Exercise prompt –
Give back every entry, exactly as written.

(Source records)

┌────────

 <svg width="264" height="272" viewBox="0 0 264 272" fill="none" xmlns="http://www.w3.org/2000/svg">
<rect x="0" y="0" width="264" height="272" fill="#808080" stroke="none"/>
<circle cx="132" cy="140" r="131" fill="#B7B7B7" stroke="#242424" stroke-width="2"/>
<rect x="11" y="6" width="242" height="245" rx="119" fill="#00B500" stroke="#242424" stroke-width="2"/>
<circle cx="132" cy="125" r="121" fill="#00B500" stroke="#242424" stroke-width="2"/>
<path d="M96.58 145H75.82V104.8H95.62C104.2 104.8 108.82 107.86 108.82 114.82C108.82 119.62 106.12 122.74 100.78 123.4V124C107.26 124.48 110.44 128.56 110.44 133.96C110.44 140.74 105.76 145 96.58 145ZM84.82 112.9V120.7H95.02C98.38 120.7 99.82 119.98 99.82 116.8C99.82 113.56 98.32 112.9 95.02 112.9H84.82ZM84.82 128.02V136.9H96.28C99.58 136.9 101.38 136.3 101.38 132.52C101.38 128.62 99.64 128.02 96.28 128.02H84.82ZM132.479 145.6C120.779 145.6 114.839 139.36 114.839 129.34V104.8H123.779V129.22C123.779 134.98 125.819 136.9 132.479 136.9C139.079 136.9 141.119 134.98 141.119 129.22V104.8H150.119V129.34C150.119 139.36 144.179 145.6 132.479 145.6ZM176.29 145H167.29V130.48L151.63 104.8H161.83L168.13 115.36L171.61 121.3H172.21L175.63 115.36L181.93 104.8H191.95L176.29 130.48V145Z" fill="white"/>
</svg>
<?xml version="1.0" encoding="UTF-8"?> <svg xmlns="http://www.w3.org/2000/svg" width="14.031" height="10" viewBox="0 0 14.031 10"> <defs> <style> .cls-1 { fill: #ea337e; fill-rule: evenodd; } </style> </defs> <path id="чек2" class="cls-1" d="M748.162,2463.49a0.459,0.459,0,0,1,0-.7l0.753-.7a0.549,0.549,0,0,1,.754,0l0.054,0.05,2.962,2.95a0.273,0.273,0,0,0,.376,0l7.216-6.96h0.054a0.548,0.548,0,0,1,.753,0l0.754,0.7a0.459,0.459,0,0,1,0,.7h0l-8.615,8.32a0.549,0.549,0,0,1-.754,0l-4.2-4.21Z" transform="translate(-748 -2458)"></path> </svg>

└────────

Task solution –
 <svg width="264" height="272" viewBox="0 0 264 272" fill="none" xmlns="http://www.w3.org/2000/svg">
<rect x="0" y="0" width="264" height="272" fill="#808080" stroke="none"/>
<circle cx="132" cy="140" r="131" fill="#B7B7B7" stroke="#242424" stroke-width="2"/>
<rect x="11" y="6" width="242" height="245" rx="119" fill="#00B500" stroke="#242424" stroke-width="2"/>
<circle cx="132" cy="125" r="121" fill="#00B500" stroke="#242424" stroke-width="2"/>
<path d="M96.58 145H75.82V104.8H95.62C104.2 104.8 108.82 107.86 108.82 114.82C108.82 119.62 106.12 122.74 100.78 123.4V124C107.26 124.48 110.44 128.56 110.44 133.96C110.44 140.74 105.76 145 96.58 145ZM84.82 112.9V120.7H95.02C98.38 120.7 99.82 119.98 99.82 116.8C99.82 113.56 98.32 112.9 95.02 112.9H84.82ZM84.82 128.02V136.9H96.28C99.58 136.9 101.38 136.3 101.38 132.52C101.38 128.62 99.64 128.02 96.28 128.02H84.82ZM132.479 145.6C120.779 145.6 114.839 139.36 114.839 129.34V104.8H123.779V129.22C123.779 134.98 125.819 136.9 132.479 136.9C139.079 136.9 141.119 134.98 141.119 129.22V104.8H150.119V129.34C150.119 139.36 144.179 145.6 132.479 145.6ZM176.29 145H167.29V130.48L151.63 104.8H161.83L168.13 115.36L171.61 121.3H172.21L175.63 115.36L181.93 104.8H191.95L176.29 130.48V145Z" fill="white"/>
</svg>
<?xml version="1.0" encoding="UTF-8"?> <svg xmlns="http://www.w3.org/2000/svg" width="14.031" height="10" viewBox="0 0 14.031 10"> <defs> <style> .cls-1 { fill: #ea337e; fill-rule: evenodd; } </style> </defs> <path id="чек2" class="cls-1" d="M748.162,2463.49a0.459,0.459,0,0,1,0-.7l0.753-.7a0.549,0.549,0,0,1,.754,0l0.054,0.05,2.962,2.95a0.273,0.273,0,0,0,.376,0l7.216-6.96h0.054a0.548,0.548,0,0,1,.753,0l0.754,0.7a0.459,0.459,0,0,1,0,.7h0l-8.615,8.32a0.549,0.549,0,0,1-.754,0l-4.2-4.21Z" transform="translate(-748 -2458)"></path> </svg>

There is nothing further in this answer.